No Deduplication on Message Retry
CommonFORMULA
Without dedup, a lost ack causes the sender to retry and the recipient sees the same message twice. Idempotency keys in Redis prevent duplicate delivery with zero user impact.
Why: In the happy path, messages are delivered exactly once. Candidates test the happy path and move on. But network is unreliable. The server delivers to User B, writes to Cassandra, but the ack to User A is lost in transit. A's client retries after 3 seconds. Without dedup, B sees the message twice. At 0.1% retry rate and 231K messages/sec, that is 231 duplicate messages per second, roughly 20M duplicates per day visible to users.
WRONG: No deduplication logic. The server processes every incoming message as new. At 0.1% retry rate: 20M duplicate messages/day visible to recipients. Users see repeated messages and lose trust in the platform.
RIGHT: Client attaches an idempotency_key (UUID) to every message. Server checks Redis SET (dedup:key, TTL 24h) before processing. If found, return original ack without re-delivering. Dedup cache: 231K×86,400×40B≈800 GB across ~15 Redis nodes. We chose client-generated UUIDs over server-generated dedup tokens because the client needs the key before the first send attempt, not after. Trade-off accepted: 800 GB of Redis for the dedup cache, but this prevents 20M daily visible duplicates. Treating Gateways as Stateless
CommonFORMULA
Gateways hold WebSocket connections in memory. Round-robin load balancing sends a message to a random gateway that does not hold the recipient's connection. Use the connection registry for targeted routing.
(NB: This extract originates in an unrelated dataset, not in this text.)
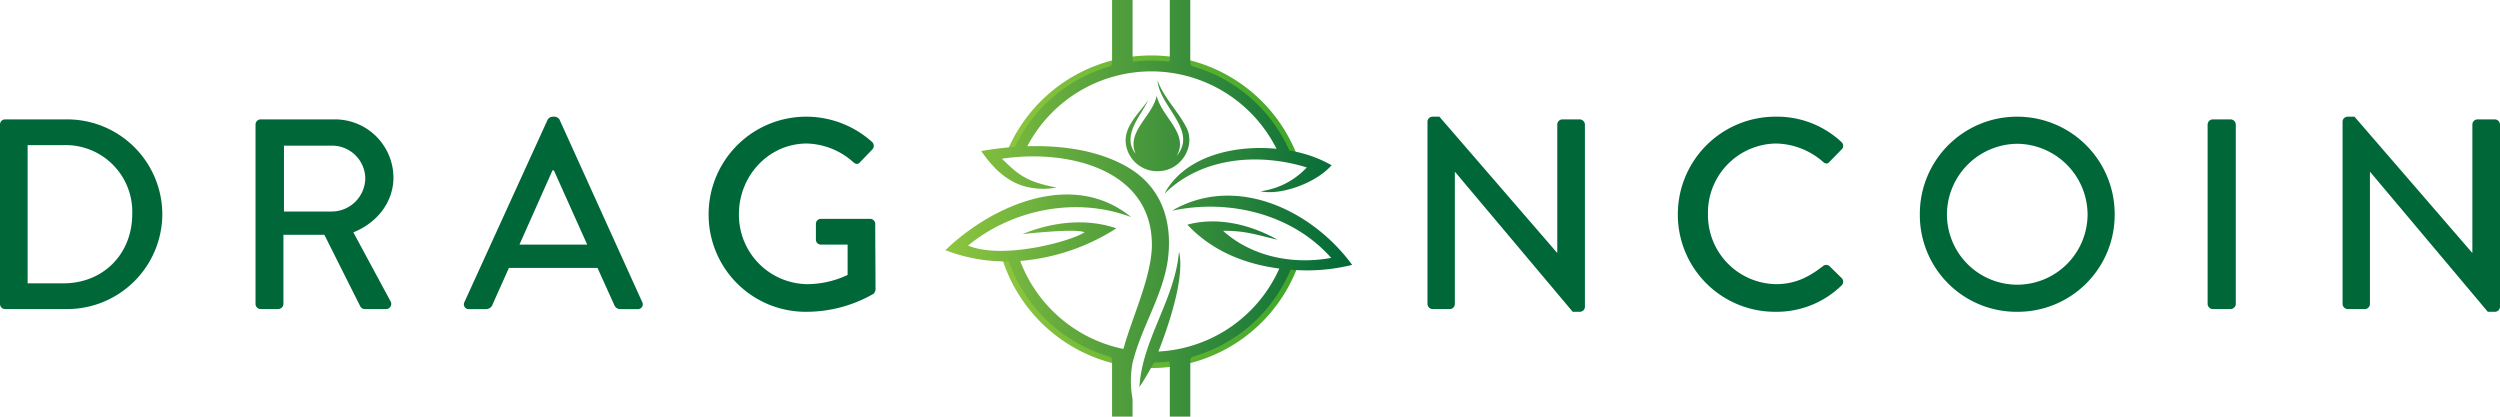 <svg xmlns="http://www.w3.org/2000/svg" xmlns:xlink="http://www.w3.org/1999/xlink" width="500.12" height="83.339" viewBox="0 0 500.12 83.339"><defs><linearGradient id="a" y1="0.5" x2="1" y2="0.5" gradientUnits="objectBoundingBox"><stop offset="0" stop-color="#8dc63f"/><stop offset="1" stop-color="#40a629"/></linearGradient><linearGradient id="b" y1="0.5" x2="1" y2="0.5" gradientUnits="objectBoundingBox"><stop offset="0" stop-color="#8dc63f"/><stop offset="1" stop-color="#006838"/></linearGradient></defs><g transform="translate(-292.891 544.401)"><g transform="translate(292.891 -521.058)"><path d="M292.891-482.9a1.02,1.02,0,0,1,.976-1.03h12.468a19.03,19.03,0,0,1,19.028,18.919,19.052,19.052,0,0,1-19.028,19.028H293.867a1.019,1.019,0,0,1-.976-1.03Zm12.685,31.766c7.968,0,13.769-5.855,13.769-13.877a13.329,13.329,0,0,0-13.769-13.77H298.42v27.647Z" transform="translate(-292.891 484.47)" fill="#006838"/><path d="M422.317-482.9a1.03,1.03,0,0,1,1.03-1.03h14.745a11.7,11.7,0,0,1,11.817,11.6c0,4.988-3.307,9.107-8.023,11l7.427,13.769a1.026,1.026,0,0,1-.921,1.572h-4.228a1,1,0,0,1-.867-.488l-7.21-14.366H427.9v13.824a1.066,1.066,0,0,1-1.03,1.03h-3.523a1.029,1.029,0,0,1-1.03-1.03Zm15.341,17.4a6.734,6.734,0,0,0,6.614-6.722,6.644,6.644,0,0,0-6.614-6.451h-9.65V-465.5Z" transform="translate(-371.199 484.47)" fill="#006838"/><path d="M527.969-448.221,544.611-484.7a1.267,1.267,0,0,1,.921-.6h.542a1.268,1.268,0,0,1,.922.6l16.534,36.483a.957.957,0,0,1-.921,1.41h-3.415a1.263,1.263,0,0,1-1.247-.813l-3.361-7.427H536.859c-1.084,2.494-2.222,4.933-3.307,7.427a1.363,1.363,0,0,1-1.247.813h-3.415A.957.957,0,0,1,527.969-448.221Zm24.556-11.492-6.668-14.854h-.271l-6.613,14.854Z" transform="translate(-435.057 485.3)" fill="#006838"/><path d="M671.311-485.3a19.708,19.708,0,0,1,13.173,5.042,1.049,1.049,0,0,1,.054,1.518c-.813.867-1.626,1.681-2.439,2.548-.434.488-.867.434-1.409-.055a14.441,14.441,0,0,0-9.216-3.686c-7.7,0-13.607,6.505-13.607,14.095a13.849,13.849,0,0,0,13.607,14.04,19.088,19.088,0,0,0,8.131-1.843v-6.071h-5.313a.985.985,0,0,1-1.03-.976v-3.144a1,1,0,0,1,1.03-1.03h9.866a1.019,1.019,0,0,1,.976,1.03c0,4.337.055,8.782.055,13.119a1.338,1.338,0,0,1-.434.867,27.092,27.092,0,0,1-13.444,3.578A19.422,19.422,0,0,1,651.8-465.73,19.515,19.515,0,0,1,671.311-485.3Z" transform="translate(-510.043 485.3)" fill="#006838"/><path d="M1015.909-484.324a1.019,1.019,0,0,1,1.03-.976h1.356l23.527,27.213h.054v-25.641a1.03,1.03,0,0,1,1.03-1.03h3.469a1.066,1.066,0,0,1,1.03,1.03v36.483a1.019,1.019,0,0,1-1.03.976h-1.41l-23.527-27.972h-.055v26.4a1.029,1.029,0,0,1-1.03,1.03h-3.416a1.066,1.066,0,0,1-1.03-1.03Z" transform="translate(-730.345 485.3)" fill="#006838"/><path d="M1162.3-485.3a18.817,18.817,0,0,1,13.119,5.042,1.008,1.008,0,0,1,.054,1.518l-2.385,2.439c-.379.488-.867.488-1.355,0a14.692,14.692,0,0,0-9.378-3.632,13.827,13.827,0,0,0-13.606,14.095A13.825,13.825,0,0,0,1162.4-451.8c3.957,0,6.721-1.572,9.324-3.578a.991.991,0,0,1,1.3-.055l2.493,2.44a1.032,1.032,0,0,1-.054,1.463,18.6,18.6,0,0,1-13.173,5.259,19.435,19.435,0,0,1-19.57-19.461A19.527,19.527,0,0,1,1162.3-485.3Z" transform="translate(-807.074 485.3)" fill="#006838"/><path d="M1284.753-485.3a19.48,19.48,0,0,1,19.515,19.57,19.388,19.388,0,0,1-19.515,19.461,19.342,19.342,0,0,1-19.461-19.461A19.434,19.434,0,0,1,1284.753-485.3Zm0,33.61a14.09,14.09,0,0,0,14.095-14.04,14.218,14.218,0,0,0-14.095-14.149,14.207,14.207,0,0,0-14.04,14.149A14.078,14.078,0,0,0,1284.753-451.69Z" transform="translate(-881.232 485.3)" fill="#006838"/><path d="M1411.05-482.9a1.066,1.066,0,0,1,1.03-1.03h3.578a1.066,1.066,0,0,1,1.03,1.03v35.887a1.066,1.066,0,0,1-1.03,1.03h-3.578a1.066,1.066,0,0,1-1.03-1.03Z" transform="translate(-969.421 484.47)" fill="#006838"/><path d="M1479.4-484.324a1.019,1.019,0,0,1,1.03-.976h1.355l23.527,27.213h.054v-25.641a1.03,1.03,0,0,1,1.03-1.03h3.469a1.066,1.066,0,0,1,1.03,1.03v36.483a1.019,1.019,0,0,1-1.03.976h-1.409l-23.527-27.972h-.054v26.4a1.029,1.029,0,0,1-1.03,1.03h-3.415a1.067,1.067,0,0,1-1.03-1.03Z" transform="translate(-1010.774 485.3)" fill="#006838"/></g><g transform="translate(482.041 -544.401)"><path d="M823.506-454.5a31.309,31.309,0,0,1-23.291-21.53h2.031a29.371,29.371,0,0,0,21.26,19.541Zm-19.944-42.92a29.327,29.327,0,0,1,26.592-16.958,29.332,29.332,0,0,1,26.936,17.718h2.095a31.269,31.269,0,0,0-29.03-19.657,31.27,31.27,0,0,0-28.719,18.9Zm53.9,23.056a29.331,29.331,0,0,1-27.31,18.641c-.2,0-.406-.011-.61-.015v1.938c.2,0,.405.015.61.015a31.278,31.278,0,0,0,29.39-20.579Z" transform="translate(-788.991 527.409)" fill="url(#a)"/><path d="M809.215-471.805a19.492,19.492,0,0,0-.035,7.031,2.06,2.06,0,0,1,.035.375v3.337h-4.1v-11.346a.681.681,0,0,0-.5-.654,30.32,30.32,0,0,1-20.147-19.044,33.673,33.673,0,0,1-12.664-2.233l-.009-.042c9.5-9.1,25.584-16.051,37.116-6.6-10.906-4.11-23.643-1.617-32.611,5.7,6.908,2.89,20.517-.814,23.3-2.649-1.878-.861-12.383.383-12.388.357,5.871-2.418,12.667-3.235,18.758-1.152a41.855,41.855,0,0,1-19.235,6.523,28.133,28.133,0,0,0,20.44,17.564l.218.028c1.758-6.417,5.426-13.95,5.685-20.335.348-15.862-17.311-19.655-29.986-17.7,3.091,3,4.617,4.572,10.9,5.761a14.266,14.266,0,0,1-6.415-.254c-3.8-1.1-6.438-3.892-8.637-7.046a67.215,67.215,0,0,1,6.741-.833,30.349,30.349,0,0,1,18.935-16.091.681.681,0,0,0,.5-.654V-544.4h4.1v12.042a.273.273,0,0,0,.3.271,30.219,30.219,0,0,1,3.444-.2,30.179,30.179,0,0,1,3.4.195.273.273,0,0,0,.3-.271V-544.4h4.1v12.621a.682.682,0,0,0,.5.654,30.35,30.35,0,0,1,19.319,16.837,25.293,25.293,0,0,1,8.459,2.944c-3.352,3.774-10.521,6.082-14.2,5.2a15.362,15.362,0,0,0,9.228-4.76c-9.628-2.978-21.05-2.095-28.49,5.282,3.929-7.411,13.728-9.851,22.434-9.015a28.06,28.06,0,0,0-25.056-15.486,28.058,28.058,0,0,0-24.8,14.978c5.829-.172,13.392.468,19.662,3.946,8.395,4.657,9.249,12.884,8.442,18.862C815.206-485.118,810.929-478.858,809.215-471.805Zm3.168-52.607c-1.9,2.752-5.13,5.423-4.467,9.092a6.32,6.32,0,0,0,6.939,5.128c4-.285,6.941-4.79,5.223-8.522-1.668-3.381-4.555-6-5.873-9.6.376,5.243,8.188,10.027,3.8,15.141,2.657-4.478-3.091-7.895-3.959-12.1-.8,4.109-6.174,7.219-4.209,11.662C806.982-517.281,810.79-521.1,812.383-524.412Zm4.891,22.062.024.066c11.235-2.365,23.9.693,31.645,9.471-7.526,1.4-15.838-.194-21.62-5.407,4.448-.094,7.3.969,10.884,1.765-5.4-3.014-11.947-4.647-18.032-3,5.258,5.62,12.186,7.977,18.4,8.775a28.085,28.085,0,0,1-24.19,16.6c1.784-4.531,5.3-14.465,4.166-19.81l-.069.006c-.835,9.448-7.342,17.418-7.893,26.9,1.043-1.465,2.823-4.728,2.823-4.728s.026-.059.073-.169c.973-.017,1.934-.082,2.882-.19a.273.273,0,0,1,.3.271v10.739h4.1v-11.329a.681.681,0,0,1,.5-.653,30.339,30.339,0,0,0,19.562-17.41,37.506,37.506,0,0,0,12.311-.963C845.168-502.328,829.992-509.6,817.274-502.35Z" transform="translate(-771.798 544.401)" fill="url(#b)"/></g></g></svg>

Why: Stateless services are the default in modern architectures. Load balancers distribute requests evenly via round-robin. But gateways are inherently stateful: each holds a set of WebSocket connections. A message for User B must reach the specific gateway holding B's connection. Round-robin sends the message to any of 10,000 gateways, and 9,999 of them cannot deliver it. The message is lost or must be re-routed, adding 10-50ms of latency.
WRONG: Deploy gateway servers behind a round-robin load balancer like any stateless service. Messages for User B land on a random gateway. 99.99% of the time, that gateway does not hold B's connection. Messages are lost or require an internal re-routing layer that adds 10-50ms latency.
RIGHT: Accept that gateways are stateful. Use a connection registry (Redis) to map user_id to gateway server_id. Route messages directly to the correct gateway. The load balancer is only used for initial connection establishment (via least-connections algorithm, not round-robin). Once connected, all messages for that user bypass the load balancer and go directly to the gateway via internal routing. Trade-off accepted: stateful gateways complicate deployments (rolling restarts disconnect users), mitigated by graceful drain.